Compared with an object recognition scheme based on image features, the scheme can support scenes with more classifications, and the computational complexity does not increase with the increase of the number of classifications.

3. And a voice playing module.

For each type of object, the user may record a piece of speech material as the narration speech. Storing all classified voices in a specified directory, and triggering the voice module to play when a target object in a VR scene appears in a visual center of a user for more than 2 seconds.

For the existing VR application, under the condition that the operation of the original application is not interfered, a VR picture can be conveniently extracted, content recognition is carried out according to picture content, and then voice content of a personal phone is played according to a recognition result. The scheme can be applied to virtual home decoration or a virtual exhibition hall, workers can record different voice contents for different user groups, and when the users experience VR, the system plays personalized explanation contents according to information such as age, sex and identity of the users, and personalized marketing effect can be achieved.

The following are method examples corresponding to the above system examples, and this embodiment mode can be implemented in cooperation with the above embodiment modes.

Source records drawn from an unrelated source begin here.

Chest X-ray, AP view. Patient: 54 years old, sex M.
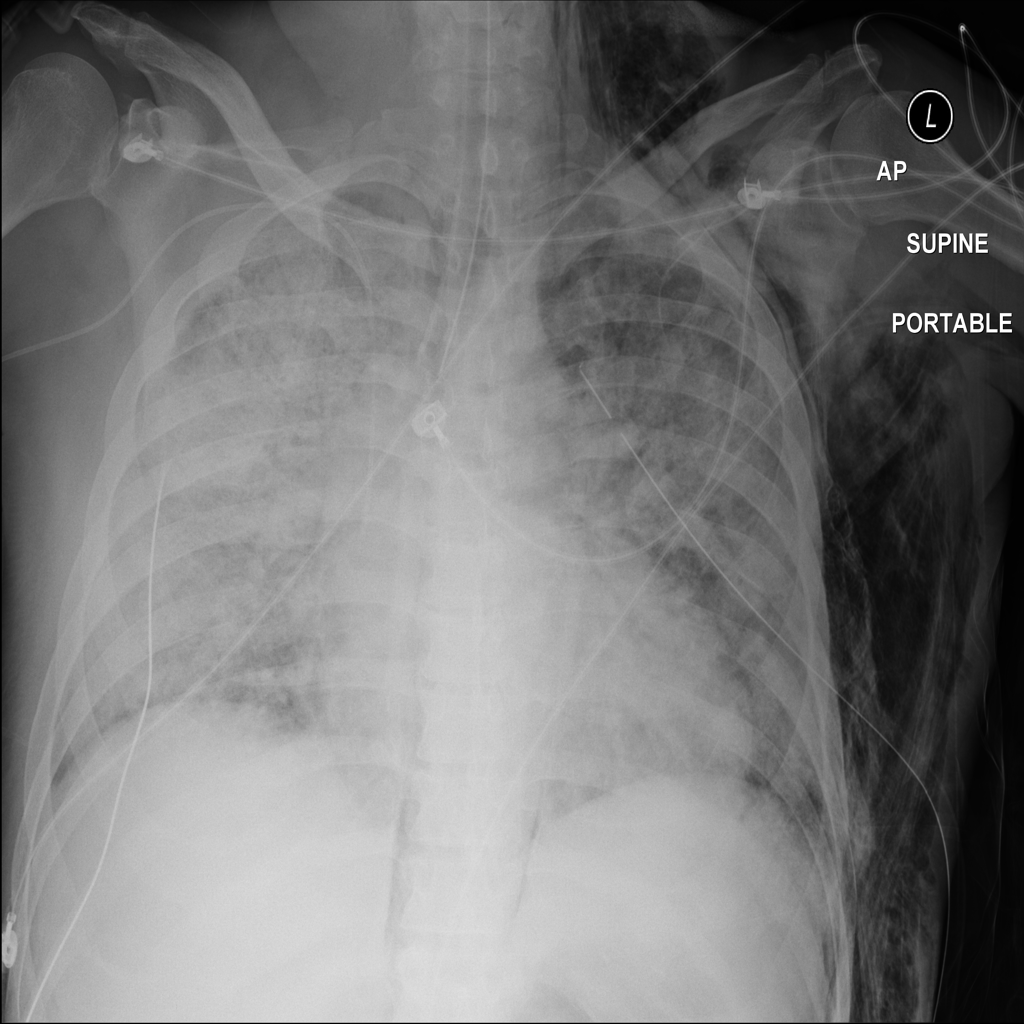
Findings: Pneumothorax
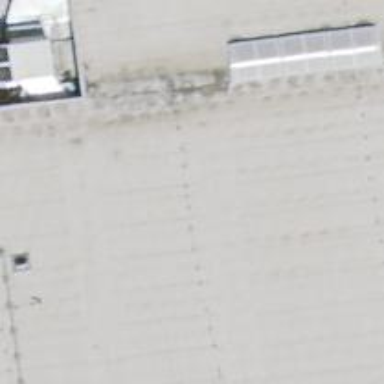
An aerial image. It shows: Parking aisle designated as service road. There is building passage tunnel nearby.
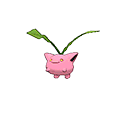
Pok\u00e9mon: hoppip
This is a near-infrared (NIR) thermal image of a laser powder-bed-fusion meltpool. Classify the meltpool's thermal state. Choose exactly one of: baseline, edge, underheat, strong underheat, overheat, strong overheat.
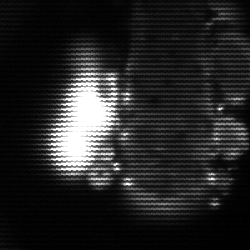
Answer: strong underheat
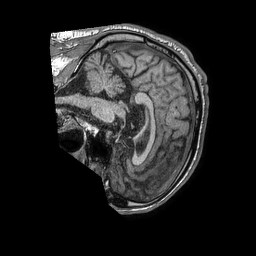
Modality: T1w
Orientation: sagittal
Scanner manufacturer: philips
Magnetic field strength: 1.5 T
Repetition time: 0.00747 s
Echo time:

The related technical details mentioned in the above embodiments are still valid in this embodiment, and are not described herein again in order to reduce repetition. Accordingly, the related-art details mentioned in the present embodiment can also be applied to the above-described embodiments.

Claims

1. An automatic explanation method for VR scenes is characterized by comprising the following steps:

2. The VR scene automatic interpretation method of claim 1, wherein the training process of the scene content recognition module in step 1 specifically includes:

3. The VR scene automatic interpretation method of claim 2, wherein the process of the scene content recognition module determining whether the target object exists in the VR frame in step 2 specifically includes:

4. The VR scene automatic interpretation method of claim 1, wherein the training process of the scene content recognition module in step 1 specifically includes:

5. An automatic explanation system for a VR scene, comprising:

6. The VR scene automatic narration system of claim 5, wherein the training process of the scene content recognition module in module 1 specifically comprises:

7. The VR scene automatic narration system of claim 6, wherein the process of the scene content recognition module in module 2 determining whether the target object exists in the VR frame specifically includes:

8. The VR scene automatic narration system of claim 5, wherein the training process of the scene content recognition module in module 1 specifically comprises:

9. An implementation method for the VR scene automatic narration system of any one of claims 5 to 8.

10. A storage medium storing a program for executing the VR scene automatic interpretation method of any one of claims 1 to 4.